Read the link and you'll see how you're wrong.

From your link:

Overview
Education is primarily a State and local responsibility in the United States. It is States and communities, as well as public and private organizations of all kinds, that establish schools and colleges, develop curricula, and determine requirements for enrollment and graduation. The structure of education finance in America reflects this predominant State and local role. Of an estimated $1.15 trillion being spent nationwide on education at all levels for school year 2012-2013, a substantial majority will come from State, local, and private sources. This is especially true at the elementary and secondary level, where about 92 percent of the funds will come from non-Federal sources.

That means the Federal contribution to elementary and secondary education is about 8 percent, which includes funds not only from the Department of Education (ED) but also from other Federal agencies, such as the Department of Health and Human Services' Head Start program and the Department of Agriculture's School Lunch program.

Although ED's share of total education funding in the U.S. is relatively small, ED works hard to get a big bang for its taxpayer-provided bucks by targeting its funds where they can do the most good. This targeting reflects the historical development of the Federal role in education as a kind of "emergency response system," a means of filling gaps in State and local support for education when critical national needs arise.
 
Finances are certainly a barrier for better public education in the south. It sort of self-propogates: worse economy--->less tax revenue--->less education--->worse economy.
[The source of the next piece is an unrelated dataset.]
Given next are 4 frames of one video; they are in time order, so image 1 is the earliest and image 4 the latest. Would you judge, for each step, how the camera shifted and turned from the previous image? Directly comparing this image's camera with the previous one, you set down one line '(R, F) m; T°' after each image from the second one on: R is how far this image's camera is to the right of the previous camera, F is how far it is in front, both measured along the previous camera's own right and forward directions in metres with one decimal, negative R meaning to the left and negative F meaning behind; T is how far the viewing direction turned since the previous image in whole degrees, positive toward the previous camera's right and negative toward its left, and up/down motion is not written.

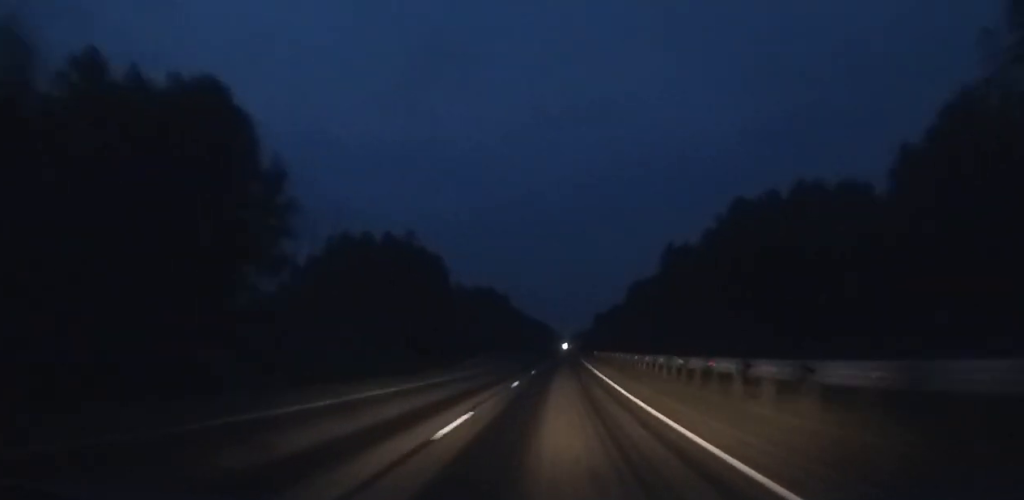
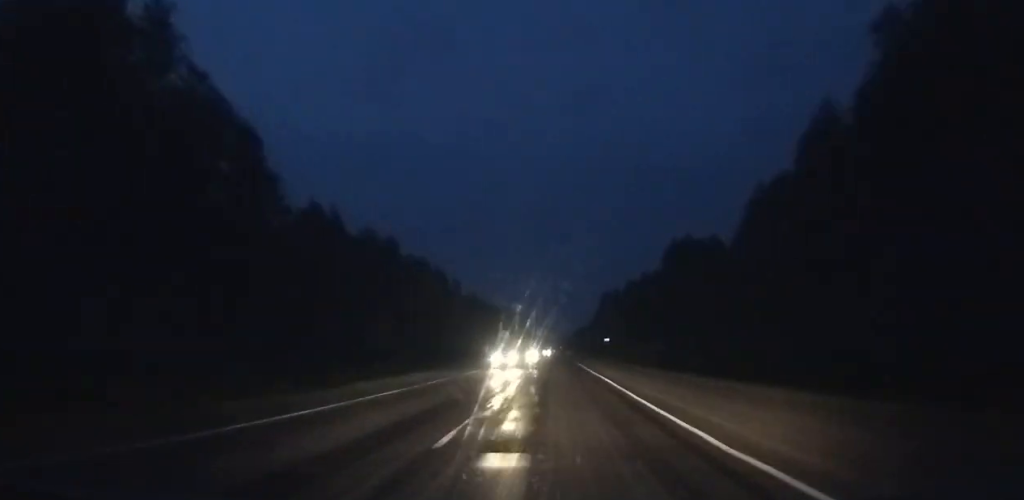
(+4.8, +234.8) m; +1°
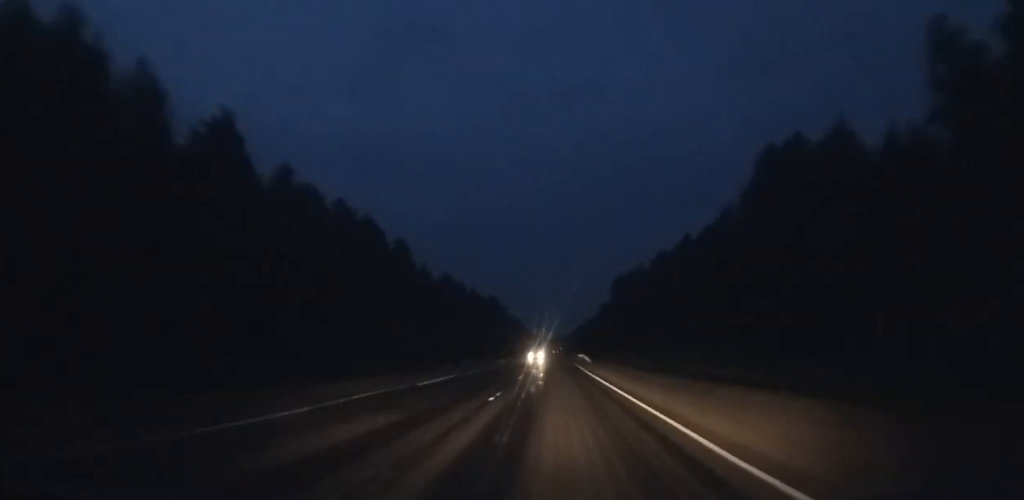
(+0.2, +66.8) m; 0°
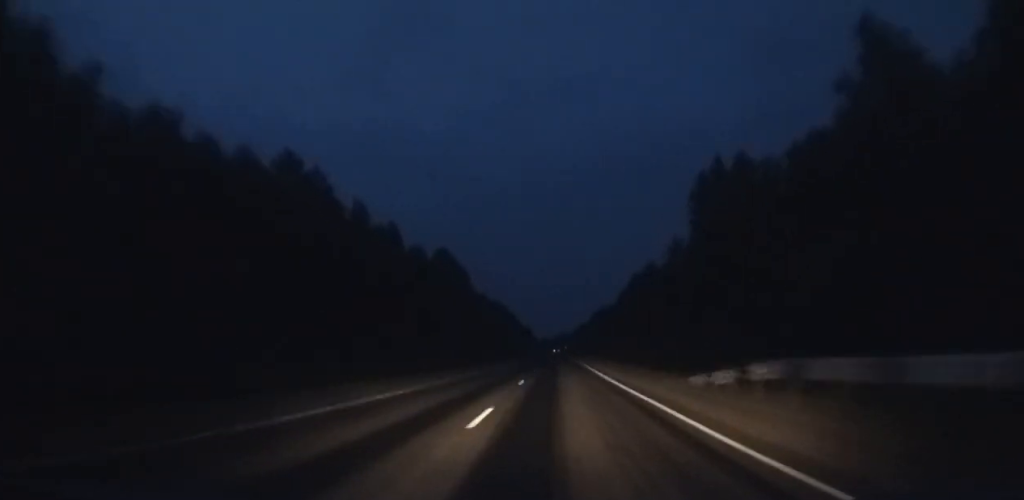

But there is more to it. There is a fundamental mistrust in education in many of these places where they think education=liberal indoctrination. It's not too different from the problem in the inner cities where there is this perception that being educated=betraying your race and trying to be white. These are all just really difficult cultural attitudes which are going to be tough to overcome.

I mean if you are a Trump-voting Southern conservative, and you hear some teacher is trying to teach your kid about evolutionary biology, and that the Earth is more than just 6000 years old, and how trickle down economics doesn't really work, and the evidence for climate change science, and how race is not really a scientific concept, or how and all the reasons why the founding fathers wanted religion out of politics, etc... you certainly wouldn't trust the educational system very much either. You'd chase that teacher right out of town with your trusty shotgun.